À la clôture des 39es Journées de l’Entreprise de l’IACE, le gouverneur de la BCT trace la voie d’un redressement par l’investissement, sept axes prioritaires et une nouvelle alliance tripartite.
La Tunisie regorge de talents, d’idées et de projets, mais manque cruellement d’investissements productifs et d’un financement orienté vers l’économie réelle. C’est le diagnostic sans appel posé par Fethi Zouhair Nouri, gouverneur de la Banque centrale de Tunisie (BCT), lors de la clôture de la 39e session des Journées de l’Entreprise, organisées par l’Institut arabe des chefs d’entreprises (IACE).
« Nous ne redresserons pas la trajectoire du pays sans transformer, en profondeur, notre rapport à l’investissement productif », a-t-il souligné. Tout en reconnaissant les incertitudes et contraintes tout en ouvrant un « horizon d’investissement, de confiance et de redressement durable ». Il a structuré son intervention autour de sept axes essentiels pour relancer la croissance, l’emploi et la modernisation.

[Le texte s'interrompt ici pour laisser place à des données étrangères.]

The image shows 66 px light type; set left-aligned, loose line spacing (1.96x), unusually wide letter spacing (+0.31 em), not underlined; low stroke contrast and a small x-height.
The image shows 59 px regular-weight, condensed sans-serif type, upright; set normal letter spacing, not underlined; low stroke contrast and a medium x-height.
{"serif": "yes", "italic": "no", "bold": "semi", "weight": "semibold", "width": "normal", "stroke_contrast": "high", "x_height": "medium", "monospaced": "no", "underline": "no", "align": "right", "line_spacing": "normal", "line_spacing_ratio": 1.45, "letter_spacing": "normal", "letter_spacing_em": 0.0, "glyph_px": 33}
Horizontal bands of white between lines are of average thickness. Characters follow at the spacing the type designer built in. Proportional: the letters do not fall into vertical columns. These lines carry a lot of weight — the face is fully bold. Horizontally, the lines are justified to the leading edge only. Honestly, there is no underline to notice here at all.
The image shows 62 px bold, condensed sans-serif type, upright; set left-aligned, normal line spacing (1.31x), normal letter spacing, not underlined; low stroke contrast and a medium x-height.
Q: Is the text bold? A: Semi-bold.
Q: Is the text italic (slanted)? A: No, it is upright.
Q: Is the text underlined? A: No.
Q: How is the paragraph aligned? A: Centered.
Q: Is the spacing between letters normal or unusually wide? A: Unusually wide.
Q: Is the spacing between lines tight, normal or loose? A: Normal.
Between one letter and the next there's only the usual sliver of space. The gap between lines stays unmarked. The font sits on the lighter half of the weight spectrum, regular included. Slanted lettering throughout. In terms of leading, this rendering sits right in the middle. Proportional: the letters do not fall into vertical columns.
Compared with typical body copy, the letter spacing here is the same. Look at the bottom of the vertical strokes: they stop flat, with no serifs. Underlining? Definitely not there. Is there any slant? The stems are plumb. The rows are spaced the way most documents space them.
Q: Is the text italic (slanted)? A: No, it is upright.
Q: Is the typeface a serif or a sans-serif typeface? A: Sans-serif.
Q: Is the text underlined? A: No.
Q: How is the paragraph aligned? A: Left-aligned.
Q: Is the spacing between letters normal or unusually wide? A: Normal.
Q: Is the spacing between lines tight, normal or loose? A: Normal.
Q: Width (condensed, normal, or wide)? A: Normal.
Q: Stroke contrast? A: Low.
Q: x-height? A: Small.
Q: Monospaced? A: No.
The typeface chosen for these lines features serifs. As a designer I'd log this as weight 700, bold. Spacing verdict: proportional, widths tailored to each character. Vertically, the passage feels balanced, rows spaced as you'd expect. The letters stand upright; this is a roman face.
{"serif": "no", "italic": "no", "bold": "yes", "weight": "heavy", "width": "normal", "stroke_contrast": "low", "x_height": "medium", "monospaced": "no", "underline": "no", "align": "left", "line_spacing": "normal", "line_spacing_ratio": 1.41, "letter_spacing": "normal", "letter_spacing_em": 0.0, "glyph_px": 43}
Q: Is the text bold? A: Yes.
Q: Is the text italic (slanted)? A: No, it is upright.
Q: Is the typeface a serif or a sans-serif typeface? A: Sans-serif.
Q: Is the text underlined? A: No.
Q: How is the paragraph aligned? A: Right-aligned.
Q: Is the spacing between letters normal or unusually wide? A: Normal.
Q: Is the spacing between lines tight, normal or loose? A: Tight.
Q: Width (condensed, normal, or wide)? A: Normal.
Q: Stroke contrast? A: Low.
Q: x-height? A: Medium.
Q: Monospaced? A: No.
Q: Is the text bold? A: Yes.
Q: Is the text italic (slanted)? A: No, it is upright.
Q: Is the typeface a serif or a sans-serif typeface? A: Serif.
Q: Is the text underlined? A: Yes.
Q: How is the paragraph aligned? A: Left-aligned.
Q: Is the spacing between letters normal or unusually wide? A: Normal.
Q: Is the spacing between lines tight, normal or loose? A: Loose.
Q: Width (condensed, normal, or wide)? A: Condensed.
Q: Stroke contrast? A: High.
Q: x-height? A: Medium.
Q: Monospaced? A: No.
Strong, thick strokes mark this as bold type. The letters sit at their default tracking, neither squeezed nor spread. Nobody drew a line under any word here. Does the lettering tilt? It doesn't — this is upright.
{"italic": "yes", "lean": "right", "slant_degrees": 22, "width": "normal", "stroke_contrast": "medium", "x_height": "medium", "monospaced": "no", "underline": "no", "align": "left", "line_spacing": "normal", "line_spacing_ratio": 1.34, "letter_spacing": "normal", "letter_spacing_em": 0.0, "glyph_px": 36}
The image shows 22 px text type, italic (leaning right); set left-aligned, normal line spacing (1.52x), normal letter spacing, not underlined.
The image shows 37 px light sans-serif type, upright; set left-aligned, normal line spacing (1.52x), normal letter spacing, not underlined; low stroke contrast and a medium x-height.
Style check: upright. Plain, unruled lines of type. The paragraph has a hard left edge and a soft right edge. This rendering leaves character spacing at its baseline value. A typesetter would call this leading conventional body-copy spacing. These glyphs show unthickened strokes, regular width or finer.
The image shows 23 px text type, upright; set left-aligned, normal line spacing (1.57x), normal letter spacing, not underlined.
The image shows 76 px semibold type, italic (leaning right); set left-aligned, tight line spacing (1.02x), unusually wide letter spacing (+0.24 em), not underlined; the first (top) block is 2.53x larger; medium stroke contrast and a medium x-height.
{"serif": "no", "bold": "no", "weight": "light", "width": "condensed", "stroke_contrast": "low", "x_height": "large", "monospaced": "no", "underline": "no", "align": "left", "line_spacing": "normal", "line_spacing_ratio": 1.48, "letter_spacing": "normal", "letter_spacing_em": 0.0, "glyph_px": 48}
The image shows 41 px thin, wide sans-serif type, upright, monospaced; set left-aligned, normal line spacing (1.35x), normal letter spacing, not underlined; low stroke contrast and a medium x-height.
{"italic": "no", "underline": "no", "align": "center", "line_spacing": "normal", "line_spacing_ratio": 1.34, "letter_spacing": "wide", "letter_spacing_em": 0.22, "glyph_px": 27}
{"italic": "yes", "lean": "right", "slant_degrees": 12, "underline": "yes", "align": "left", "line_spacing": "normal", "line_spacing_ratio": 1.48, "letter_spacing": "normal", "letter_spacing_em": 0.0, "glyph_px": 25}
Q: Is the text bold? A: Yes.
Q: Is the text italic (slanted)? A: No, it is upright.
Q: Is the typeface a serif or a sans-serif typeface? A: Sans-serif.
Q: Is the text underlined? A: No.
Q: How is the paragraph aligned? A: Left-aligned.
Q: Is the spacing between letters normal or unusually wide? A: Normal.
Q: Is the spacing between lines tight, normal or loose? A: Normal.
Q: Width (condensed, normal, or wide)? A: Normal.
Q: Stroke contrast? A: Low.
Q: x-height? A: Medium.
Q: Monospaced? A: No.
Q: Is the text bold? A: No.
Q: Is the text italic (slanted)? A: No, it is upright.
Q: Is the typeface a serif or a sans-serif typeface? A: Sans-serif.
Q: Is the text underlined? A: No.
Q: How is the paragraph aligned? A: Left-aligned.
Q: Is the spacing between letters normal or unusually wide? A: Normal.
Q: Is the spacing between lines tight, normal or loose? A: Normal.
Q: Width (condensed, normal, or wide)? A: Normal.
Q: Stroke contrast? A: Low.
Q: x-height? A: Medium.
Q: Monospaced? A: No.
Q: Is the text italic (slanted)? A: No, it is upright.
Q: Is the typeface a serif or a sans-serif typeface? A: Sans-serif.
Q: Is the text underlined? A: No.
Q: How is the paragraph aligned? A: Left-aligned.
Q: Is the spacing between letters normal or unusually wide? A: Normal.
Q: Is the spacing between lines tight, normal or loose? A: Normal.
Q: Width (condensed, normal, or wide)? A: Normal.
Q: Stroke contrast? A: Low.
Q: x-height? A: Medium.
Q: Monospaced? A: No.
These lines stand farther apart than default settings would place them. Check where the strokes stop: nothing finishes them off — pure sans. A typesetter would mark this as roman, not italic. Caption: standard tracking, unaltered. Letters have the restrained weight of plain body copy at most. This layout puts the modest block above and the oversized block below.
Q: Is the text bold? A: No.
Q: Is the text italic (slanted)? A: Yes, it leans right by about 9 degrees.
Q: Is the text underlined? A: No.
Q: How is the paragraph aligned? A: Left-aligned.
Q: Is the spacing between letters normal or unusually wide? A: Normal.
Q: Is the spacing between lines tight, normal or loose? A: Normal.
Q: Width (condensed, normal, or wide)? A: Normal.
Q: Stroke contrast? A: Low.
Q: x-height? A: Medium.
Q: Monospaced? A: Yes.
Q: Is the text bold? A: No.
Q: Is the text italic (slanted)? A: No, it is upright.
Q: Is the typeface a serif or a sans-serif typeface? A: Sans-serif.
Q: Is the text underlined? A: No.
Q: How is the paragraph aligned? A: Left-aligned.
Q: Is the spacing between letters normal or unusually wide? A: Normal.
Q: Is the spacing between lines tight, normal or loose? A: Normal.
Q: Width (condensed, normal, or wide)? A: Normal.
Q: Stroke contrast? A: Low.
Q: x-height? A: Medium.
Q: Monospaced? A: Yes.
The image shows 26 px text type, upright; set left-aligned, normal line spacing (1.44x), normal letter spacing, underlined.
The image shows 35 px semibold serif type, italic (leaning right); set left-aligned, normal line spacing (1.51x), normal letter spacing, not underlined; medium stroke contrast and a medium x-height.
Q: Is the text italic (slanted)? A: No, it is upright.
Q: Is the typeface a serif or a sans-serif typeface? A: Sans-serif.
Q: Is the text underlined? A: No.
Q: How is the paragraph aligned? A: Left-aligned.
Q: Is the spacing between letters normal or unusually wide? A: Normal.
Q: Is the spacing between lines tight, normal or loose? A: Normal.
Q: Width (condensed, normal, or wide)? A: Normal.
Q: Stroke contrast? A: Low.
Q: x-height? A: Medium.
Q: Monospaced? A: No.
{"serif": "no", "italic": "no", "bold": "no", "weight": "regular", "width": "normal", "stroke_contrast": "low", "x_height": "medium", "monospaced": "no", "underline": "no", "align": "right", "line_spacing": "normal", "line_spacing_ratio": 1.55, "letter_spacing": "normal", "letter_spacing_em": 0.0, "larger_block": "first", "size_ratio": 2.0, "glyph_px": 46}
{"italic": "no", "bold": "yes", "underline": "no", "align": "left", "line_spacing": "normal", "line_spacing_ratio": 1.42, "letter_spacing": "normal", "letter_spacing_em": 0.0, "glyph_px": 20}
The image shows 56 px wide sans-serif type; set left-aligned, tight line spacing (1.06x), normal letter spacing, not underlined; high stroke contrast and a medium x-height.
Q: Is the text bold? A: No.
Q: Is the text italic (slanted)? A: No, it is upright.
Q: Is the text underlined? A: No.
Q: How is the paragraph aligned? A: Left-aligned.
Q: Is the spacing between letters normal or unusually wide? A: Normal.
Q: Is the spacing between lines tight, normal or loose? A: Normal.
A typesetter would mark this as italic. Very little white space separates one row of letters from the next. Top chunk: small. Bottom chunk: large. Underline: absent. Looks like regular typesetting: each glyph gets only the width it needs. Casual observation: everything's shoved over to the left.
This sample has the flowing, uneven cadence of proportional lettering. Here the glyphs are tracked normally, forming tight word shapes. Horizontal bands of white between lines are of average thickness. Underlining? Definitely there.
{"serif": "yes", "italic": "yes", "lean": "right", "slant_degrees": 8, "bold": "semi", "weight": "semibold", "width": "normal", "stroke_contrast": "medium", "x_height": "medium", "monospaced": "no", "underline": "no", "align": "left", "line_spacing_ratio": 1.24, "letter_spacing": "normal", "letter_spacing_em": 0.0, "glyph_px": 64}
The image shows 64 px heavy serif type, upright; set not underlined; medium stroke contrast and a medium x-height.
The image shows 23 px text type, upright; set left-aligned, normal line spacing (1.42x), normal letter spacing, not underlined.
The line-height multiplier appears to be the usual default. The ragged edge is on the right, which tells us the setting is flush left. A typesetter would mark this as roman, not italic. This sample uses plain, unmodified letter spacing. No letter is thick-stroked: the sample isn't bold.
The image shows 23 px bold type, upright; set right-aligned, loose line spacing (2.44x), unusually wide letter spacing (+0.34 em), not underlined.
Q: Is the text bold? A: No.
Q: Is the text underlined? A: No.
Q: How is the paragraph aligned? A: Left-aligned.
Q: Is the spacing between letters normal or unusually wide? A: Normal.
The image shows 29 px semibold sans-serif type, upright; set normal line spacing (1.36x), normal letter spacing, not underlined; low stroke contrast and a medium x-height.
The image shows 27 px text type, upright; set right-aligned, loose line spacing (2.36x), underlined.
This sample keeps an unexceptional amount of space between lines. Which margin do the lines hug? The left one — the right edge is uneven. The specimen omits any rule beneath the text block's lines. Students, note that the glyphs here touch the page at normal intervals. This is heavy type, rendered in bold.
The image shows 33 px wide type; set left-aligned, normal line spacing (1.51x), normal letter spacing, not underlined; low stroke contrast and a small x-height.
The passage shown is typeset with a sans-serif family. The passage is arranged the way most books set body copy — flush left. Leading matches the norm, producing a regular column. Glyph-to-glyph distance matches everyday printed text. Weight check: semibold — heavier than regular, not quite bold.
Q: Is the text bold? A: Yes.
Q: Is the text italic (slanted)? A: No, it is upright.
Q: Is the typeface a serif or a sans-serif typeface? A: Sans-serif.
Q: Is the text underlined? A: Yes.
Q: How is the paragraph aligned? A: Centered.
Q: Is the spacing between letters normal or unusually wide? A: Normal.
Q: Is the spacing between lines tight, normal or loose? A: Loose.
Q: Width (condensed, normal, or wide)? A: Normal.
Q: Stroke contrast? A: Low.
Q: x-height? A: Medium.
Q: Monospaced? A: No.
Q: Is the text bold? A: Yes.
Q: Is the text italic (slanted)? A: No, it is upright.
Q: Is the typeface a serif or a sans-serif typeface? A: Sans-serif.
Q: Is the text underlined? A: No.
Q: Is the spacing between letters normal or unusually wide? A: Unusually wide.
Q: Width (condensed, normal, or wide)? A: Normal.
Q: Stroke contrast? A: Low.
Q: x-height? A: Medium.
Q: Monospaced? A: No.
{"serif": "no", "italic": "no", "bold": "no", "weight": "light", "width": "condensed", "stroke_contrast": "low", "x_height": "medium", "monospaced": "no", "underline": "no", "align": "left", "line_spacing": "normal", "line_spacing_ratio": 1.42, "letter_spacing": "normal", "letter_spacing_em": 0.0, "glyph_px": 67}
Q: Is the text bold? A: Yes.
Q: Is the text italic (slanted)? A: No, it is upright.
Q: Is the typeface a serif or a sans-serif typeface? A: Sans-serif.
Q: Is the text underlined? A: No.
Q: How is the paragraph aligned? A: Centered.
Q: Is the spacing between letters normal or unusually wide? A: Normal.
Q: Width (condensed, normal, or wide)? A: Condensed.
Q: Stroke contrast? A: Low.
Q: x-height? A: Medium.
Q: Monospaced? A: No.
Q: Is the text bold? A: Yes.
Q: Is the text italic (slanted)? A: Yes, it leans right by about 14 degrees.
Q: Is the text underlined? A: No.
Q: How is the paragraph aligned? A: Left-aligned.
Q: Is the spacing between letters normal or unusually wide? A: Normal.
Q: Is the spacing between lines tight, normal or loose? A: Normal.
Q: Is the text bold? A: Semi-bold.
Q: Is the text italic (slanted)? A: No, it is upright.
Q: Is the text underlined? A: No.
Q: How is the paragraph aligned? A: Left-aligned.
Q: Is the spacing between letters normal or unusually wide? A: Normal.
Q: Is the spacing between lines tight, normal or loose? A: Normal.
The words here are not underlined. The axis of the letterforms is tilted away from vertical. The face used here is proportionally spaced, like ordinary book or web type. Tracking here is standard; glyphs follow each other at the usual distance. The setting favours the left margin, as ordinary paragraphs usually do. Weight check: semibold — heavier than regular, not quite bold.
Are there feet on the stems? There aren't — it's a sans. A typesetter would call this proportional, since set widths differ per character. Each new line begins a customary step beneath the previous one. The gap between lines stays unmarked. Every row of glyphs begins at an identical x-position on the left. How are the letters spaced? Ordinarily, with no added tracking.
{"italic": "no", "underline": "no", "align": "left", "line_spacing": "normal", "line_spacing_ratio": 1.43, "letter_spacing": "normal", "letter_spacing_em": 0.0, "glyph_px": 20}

Un taux d’investissement insuffisant et un biais vers la trésorerie
Le gouverneur a d’abord pointé du doigt un taux d’investissement national stagnant à 16% du PIB, dont seulement 58% proviennent du privé un niveau trop faible pour une croissance durable. Sur 2022-2024, les crédits à court terme (trésorerie) ont bondi de +8,1%, contre +3,3% seulement pour les crédits à moyen/long terme. « Ce biais persistant sacrifie les projets productifs aux besoins immédiats », a-t-il regretté.
Le secteur privé pâtit aussi d’une préférence pour la consolidation des positions acquises, d’une logique de survie et d’une sous-utilisation des lignes de crédit pour PME des bailleurs étrangers. « Le sentiment que ‘tout est difficile’ doit être brisé : la sortie de crise passe par l’investissement dans l’industrie, les services, l’agriculture, le digital, la transition verte et l’économie de la connaissance « , a insisté Fethi Zouhair Nouri.
Dans un monde de ruptures, l’immobilisme est le vrai risque
Face aux ruptures technologique, énergétique et géopolitique, » ne pas investir, c’est reculer », a averti le gouverneur. Il a interpellé l’audience : « Combien d’opportunités d’export manquées ? Combien de talents exilés faute de projets ambitieux ? Combien d’idées enterrées par le fatalisme ? C’est possible, à condition de changer ensemble notre façon de faire. »
Appels directs aux acteurs : ambition, courage, stabilité
Aux chefs d’entreprise, Fethi Zouhair Nouri a prôné une « nouvelle culture de l’investissement « . A savoir, transformer épargne et risques en actifs productifs (usines, numérique, énergie), mesurer la réussite par le portefeuille d’actifs et non le solde bancaire. Il précise à cet effet: « Passez d’un schéma ‘banque + fonds propres’ à une architecture financière globale : banques, fonds, diaspora, plateformes. »
Aux banques, il a reconnu leurs contraintes (risques, NPL, réglementations) mais exigé un rôle « d’ architecte du développement via un dialogue structuré.Osez financer plus de projets innovants : le meilleur actif de vos bilans, ce sont les entreprises qui grandissent et remboursent. «
La BCT, a-t-il rappelé, assure la stabilité monétaire (maîtrise inflation, dinar stable, notation souveraine +3 crans) tout en modernisant ses services : plateforme EXOP (octobre 2025) pour le change, TRADIS en préparation, plafonds relevés pour études à l’étranger, délais de règlement import/export à 120 jours. Elle soutient la liquidité bancaire (ratio refinancement 22%) face aux tensions de trésorerie de l’État (service dette : 43 milliards dinars sur 2021-2025), sans se substituer aux acteurs privés.
Une alliance pour l’action concrète
» Passons d’une prudence défensive à une prudence dynamique », a-t-il conclu. Tout en appelant à une nouvelle alliance : entreprises transparentes et ambitieuses, banques audacieuses, BCT innovante. Trois messages : aux entrepreneurs; aux banquiers, » osez les projets créateurs ; à tous, un trio Entrepreneur-Projet-Financement.
Il propose des objectifs concrets : part du crédit à l’investissement, nombre de nouveaux projets financés, nouveaux instruments (capital-investissement, fintech, finance verte). « Notre pays n’est pas en déficit de talents ; il attend un mouvement collectif sur souveraineté économique, dignité du travail et gouvernance rigoureuse. Nous sommes prêts. Nous comptons sur vous. », conclut-il.